We investigate the use of cucumber and cherry tomato waste, both from conventional and organic cultivation, to enrich the diet of Tenebrio molitor larvae. This approach not only offers a valuable alternative to plant waste but also addresses the management problem for horticultural companies.

  • Energy Efficiency and Waste Reduction:

Supplementing the diet of T. molitor with these waste materials results in energy and raw material savings for insect farms. Larval growth efficiency is doubled, reducing breeding time by 3-4 weeks.

  • Processing of Insect Flours:

The method is scalable to obtain insect flours and preserves bioactive compounds and healthy fatty acids. Although there are slight variations in stability and color, the resulting flour remains microbiologically stable for at least three months.

  • Nutritional Improvement and Sustainability:

Supplementation with horticultural waste improves the nutritional profile of the larvae and flours, reducing fat content and increasing proteins, polyunsaturated fatty acids, vitamins, and minerals. These flours are ingredients with higher nutritional value and healthy potential.

  • Agricultural Benefits of Guanos:

The guanos from supplemented larvae benefit vegetative growth and fruit production in tomato plants. Currently, a Field Study is being conducted in organic Dutch cucumber cultivation.

  • Technological Innovation:

Prototypes of predictive models have been developed using Artificial Intelligence, Big Data, and Machine Learning to predict efficiencies in obtaining processes and the nutritional profile of the bioproducts (flours or fertilizers).

  • Traceability and Blockchain:

We evaluate the feasibility of implementing a Blockchain system for traceability control, with "Smart contracts" designed for each phase of the production and commercialization of T. molitor products.
In the second year, we will continue to develop prototypes to predict the nutritional and functional profile of the products, as well as the efficiency and improvement of the characteristics of organic crops through the use of guanos as biofertilizers.

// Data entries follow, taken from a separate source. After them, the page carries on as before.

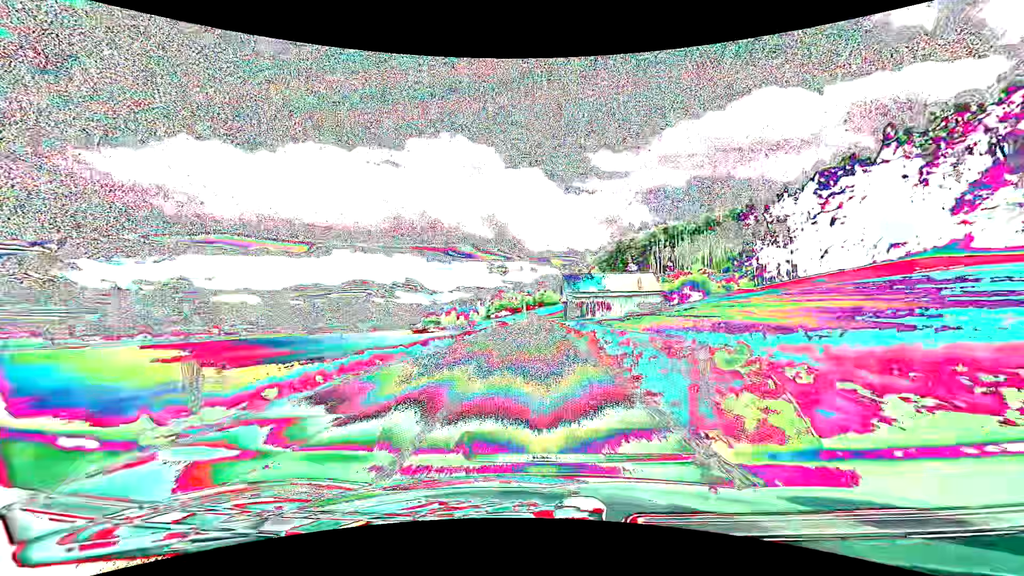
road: secondary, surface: asphalt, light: Day
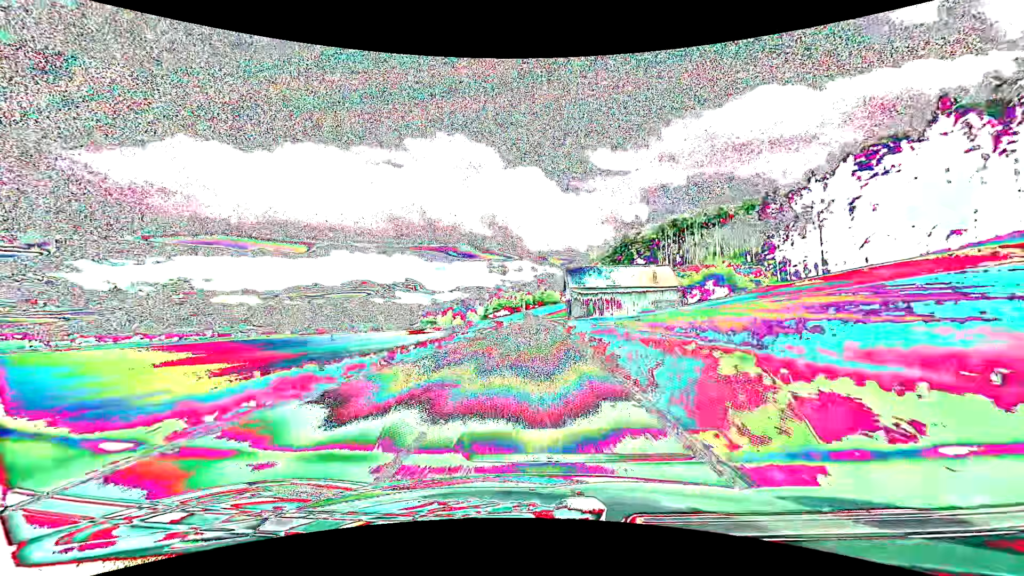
(0.0, +14.6) m; 0°
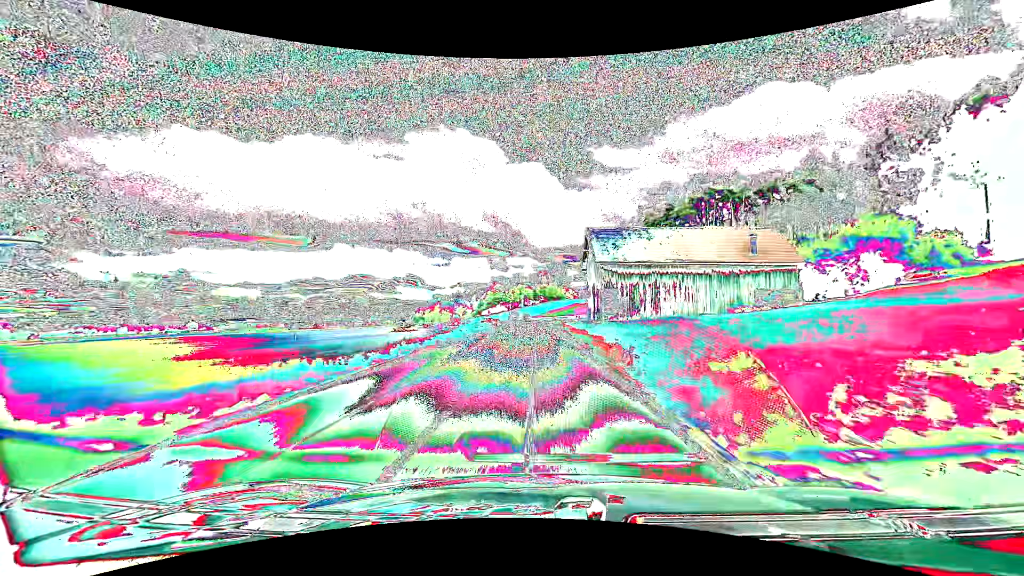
(0.0, +44.3) m; 0°
(0, +10) (0, +20) (0, +30) (0, +40) (0, +50) (0, +60) (-1, +70) (-1, +80) (-2, +90) (-3, +100) m

Here are some links where some results obtained so far are explained:

[Video 1] and [Video 2]

Project Data:
  • Funding Entity: Subsidized by the European Agricultural Fund for Rural Development (FEADER), and by the Andalusian Government through the Ministry of Agriculture, Livestock, Fisheries, and Sustainable Development.
  • Announcement: Grants aimed at supporting the operation of Operational Groups of the European Innovation Partnership (EIP) in the field of agricultural productivity and sustainability for the implementation of pilot projects and the development of new products, practices, processes, and technologies in the agricultural, food, and forestry sectors, within the framework of the Rural Development Program of Andalusia 2014-2020.
  • Modality: Line 1. Operation 16.1.2: Aid for the operation of Operational Groups of the European Innovation Partnership (EIP) in the field of agricultural productivity and sustainability.
  • Consortium Partners: CIDAF, LA CAÑA, ECONATUR, and Agri-Food Cooperatives of Andalusia-Granada
  • Contributors: FIDESOL e Insectalia
  • Funding: Junta de Andalucía and the European Agricultural Fund for Rural Development (FEADER). €236,092.00
  • Deadline Execution: 2022/2024


  • Bioconversion of underutilized plant byproducts through the use of insects with the aim of valorizing them.
  • Optimization of drying methodologies for obtaining insect flours with high nutritional quality and functional potential.
  • ICT tools involving the use of Artificial Intelligence, Big Data, and Machine Learning for the development of a predictive model that can be applied to optimize the feeding of mealworms based on the desired nutritional and functional characteristics (flour) and bio-stimulants (fertilizer) to be obtained.